EXERCISE GOAL - The entries that follow must be given again exactly, with the pictures excluded.

Stored dataset items -
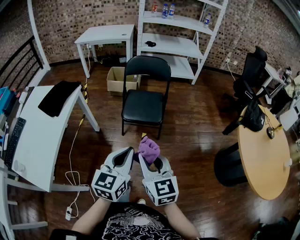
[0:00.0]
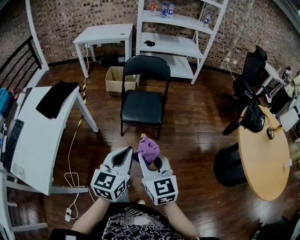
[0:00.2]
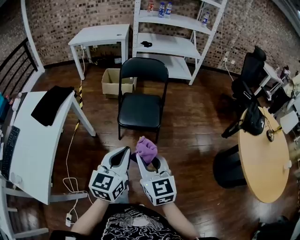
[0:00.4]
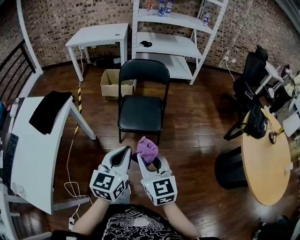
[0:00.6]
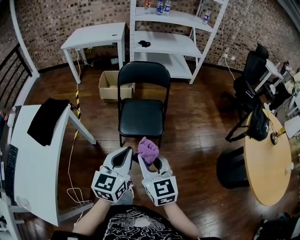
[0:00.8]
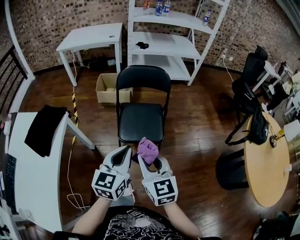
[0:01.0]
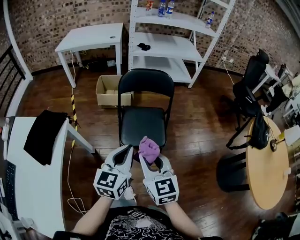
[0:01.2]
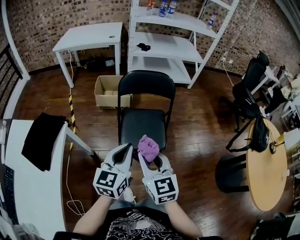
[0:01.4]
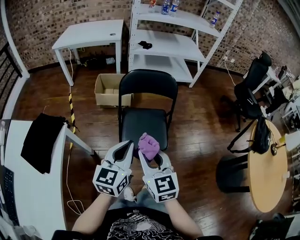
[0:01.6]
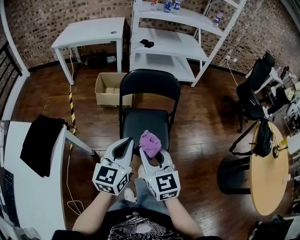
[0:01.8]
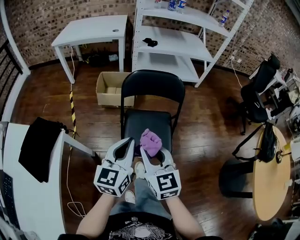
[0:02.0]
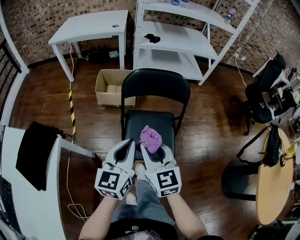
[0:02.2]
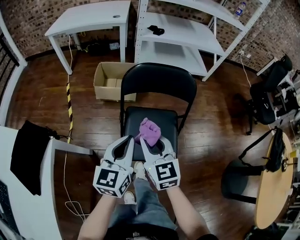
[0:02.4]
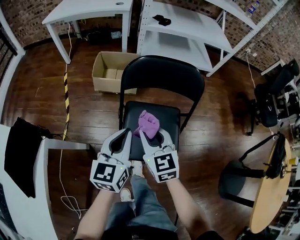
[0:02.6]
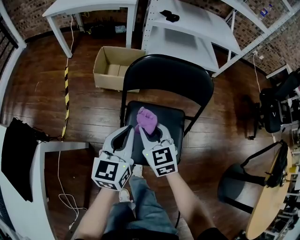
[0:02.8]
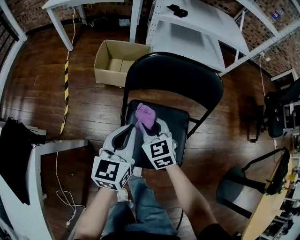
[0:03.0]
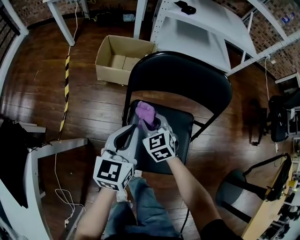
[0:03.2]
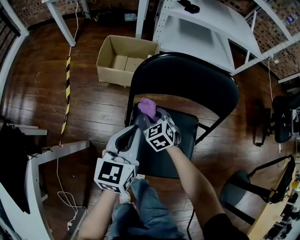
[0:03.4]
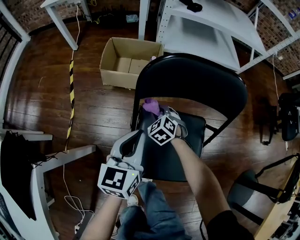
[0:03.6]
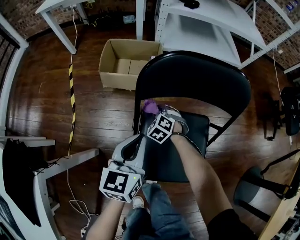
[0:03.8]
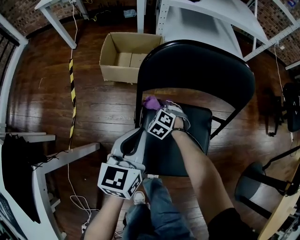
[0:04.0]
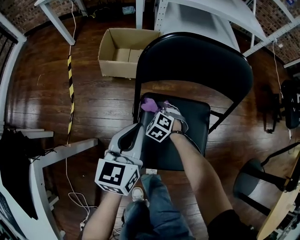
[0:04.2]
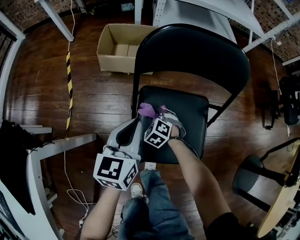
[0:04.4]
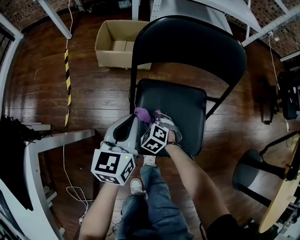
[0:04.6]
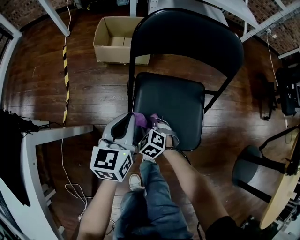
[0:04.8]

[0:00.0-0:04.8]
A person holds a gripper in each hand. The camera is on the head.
0:00.0 to 0:01.6: Both grippers travel together forward, roughly 35 cm.
0:01.6 to 0:03.2: The two grippers go about 50 cm forward and downward. The right gripper turns by approximately 30 degrees.
0:03.2 to 0:04.8: The left gripper is displaced downward and backward by some 10 cm. The right gripper goes some 25 cm downward and backward, and changes its angle by about 30 degrees.

RESPONSE TO THE EXERCISE -
[0:00.0]
[0:00.2]
[0:00.4]
[0:00.6]
[0:00.8]
[0:01.0]
[0:01.2]
[0:01.4]
[0:01.6]
[0:01.8]
[0:02.0]
[0:02.2]
[0:02.4]
[0:02.6]
[0:02.8]
[0:03.0]
[0:03.2]
[0:03.4]
[0:03.6]
[0:03.8]
[0:04.0]
[0:04.2]
[0:04.4]
[0:04.6]
[0:04.8]

[0:00.0-0:04.8]
A person holds a gripper in each hand. The camera is on the head.
0:00.0 to 0:01.6: Both grippers travel together forward, roughly 35 cm.
0:01.6 to 0:03.2: The two grippers go about 50 cm forward and downward. The right gripper turns by approximately 30 degrees.
0:03.2 to 0:04.8: The left gripper is displaced downward and backward by some 10 cm. The right gripper goes some 25 cm downward and backward, and changes its angle by about 30 degrees.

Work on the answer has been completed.